White supremacy strips Black children and other children of color in the United States not just of play, but of the whole concept of childhood and innocence. In 1973, a white cop in Queens, New York shot and killed 10-year old Clifford Glover. As Audre Lorde writes in “Power”:
A policeman who shot down a ten year old in Queens
stood over the boy with his cop shoes in childish blood
and a voice said “Die you little motherfucker” and
there are tapes to prove it. At his trial
this policeman said in his own defense
“I didn’t notice the size nor nothing else
only the color”. And
there are tapes to prove that, too.
Four decades later, white Cleveland police shot and killed 12-year-old Tamir Rice who was playing outside with a toy gun. A grand jury failed to bring charges against the cops, and last year, the U.S. Justice Department decided not to bring charges, either. Only the color.
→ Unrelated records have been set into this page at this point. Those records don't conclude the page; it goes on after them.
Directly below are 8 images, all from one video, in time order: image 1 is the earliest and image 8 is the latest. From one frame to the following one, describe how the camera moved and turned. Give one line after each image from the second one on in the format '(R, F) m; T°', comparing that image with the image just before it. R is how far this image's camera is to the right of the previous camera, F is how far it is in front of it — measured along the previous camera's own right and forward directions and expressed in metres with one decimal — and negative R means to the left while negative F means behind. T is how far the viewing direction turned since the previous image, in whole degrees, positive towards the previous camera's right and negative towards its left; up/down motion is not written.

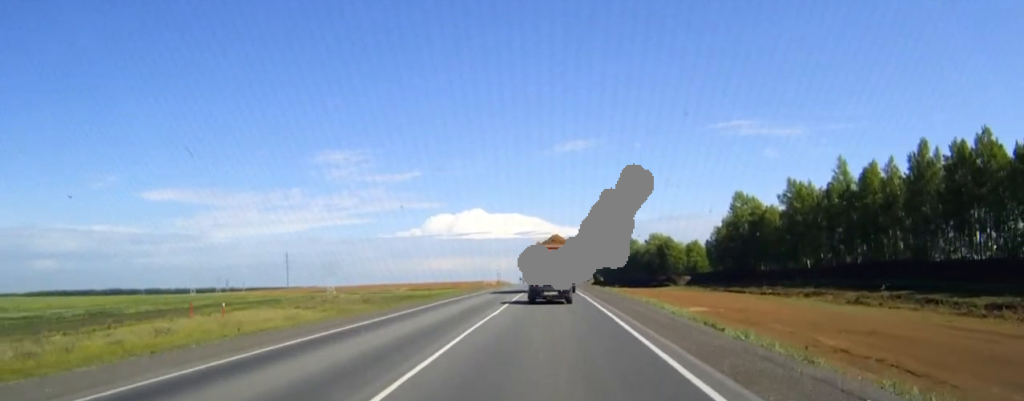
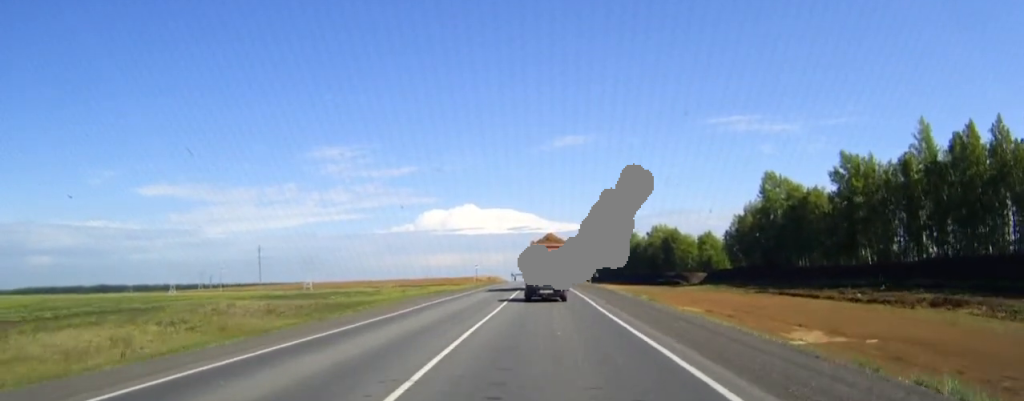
(+0.1, +27.8) m; 0°
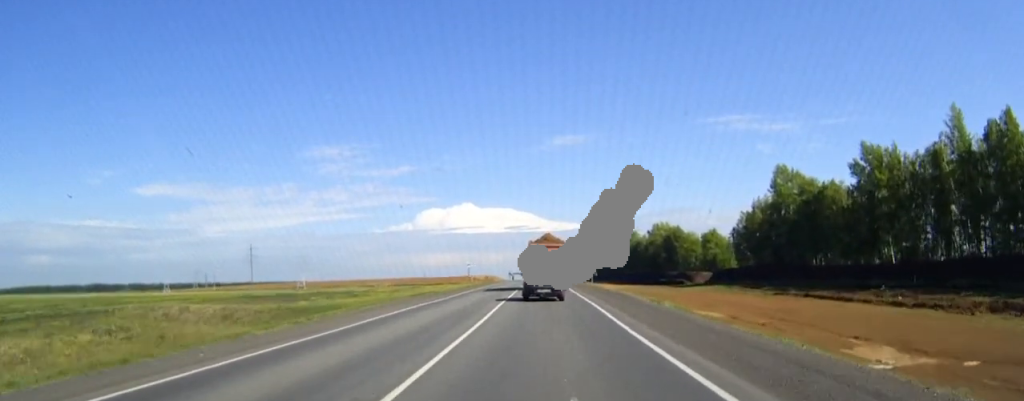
(0.0, +7.9) m; 0°
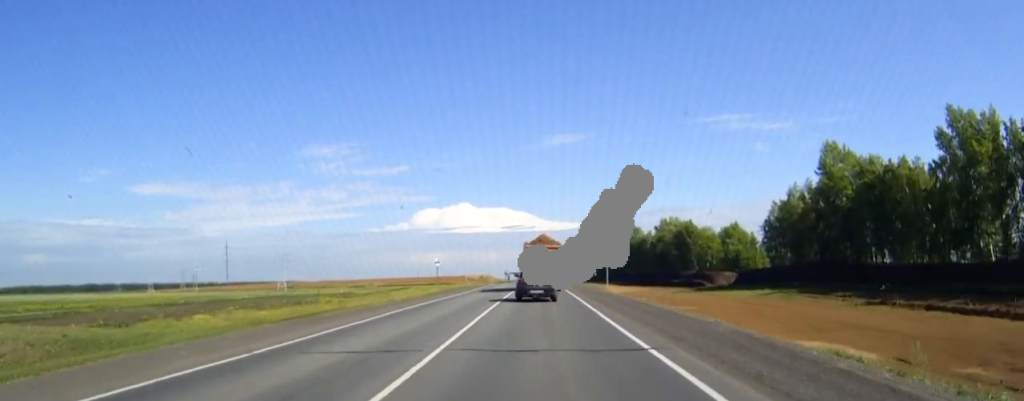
(+0.1, +24.5) m; 0°
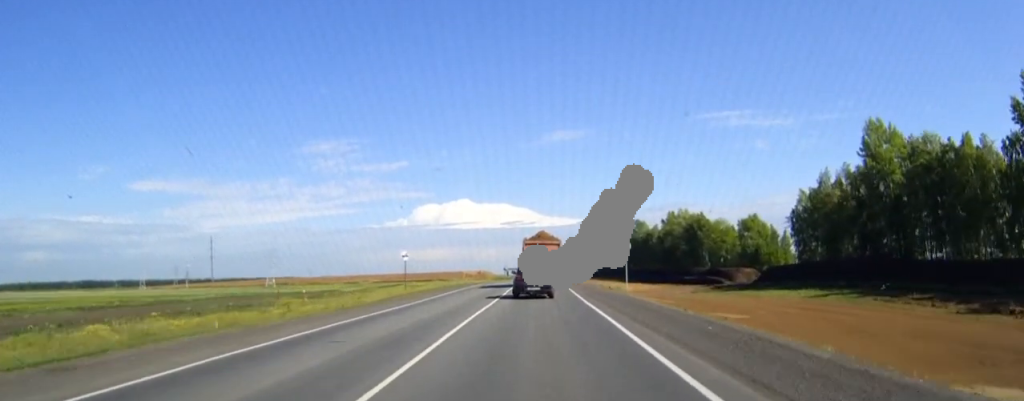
(0.0, +15.3) m; 0°
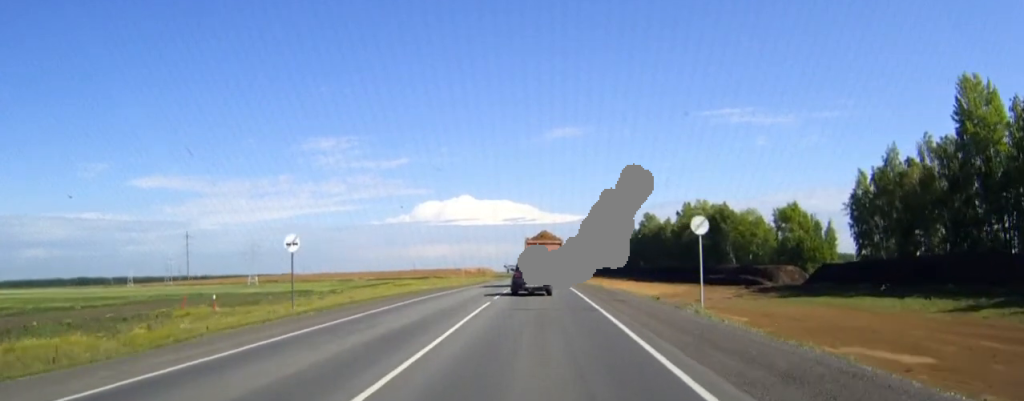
(0.0, +23.7) m; 0°
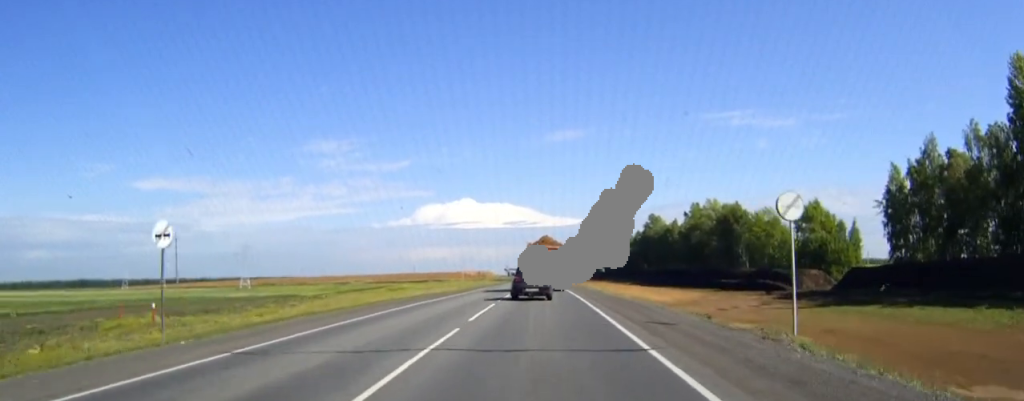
(0.0, +10.3) m; 0°
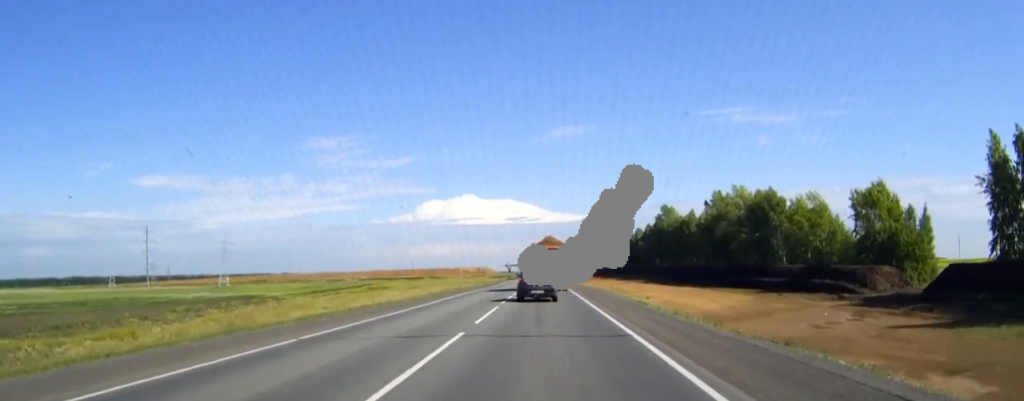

Then there’s the five-year-old American boy of Iranian descent, who, upon entering the country shortly after the former president’s executive order banning travelers from certain Muslim countries, was identified as a possible “threat.” Despite his age and American citizenship, the boy was reportedly handcuffed as he was held at Dulles Airport for five hours. The administration’s press secretary at that time declared: “To assume that just because of someone’s age and gender that they don’t pose a threat would be misguided and wrong.” Only the color.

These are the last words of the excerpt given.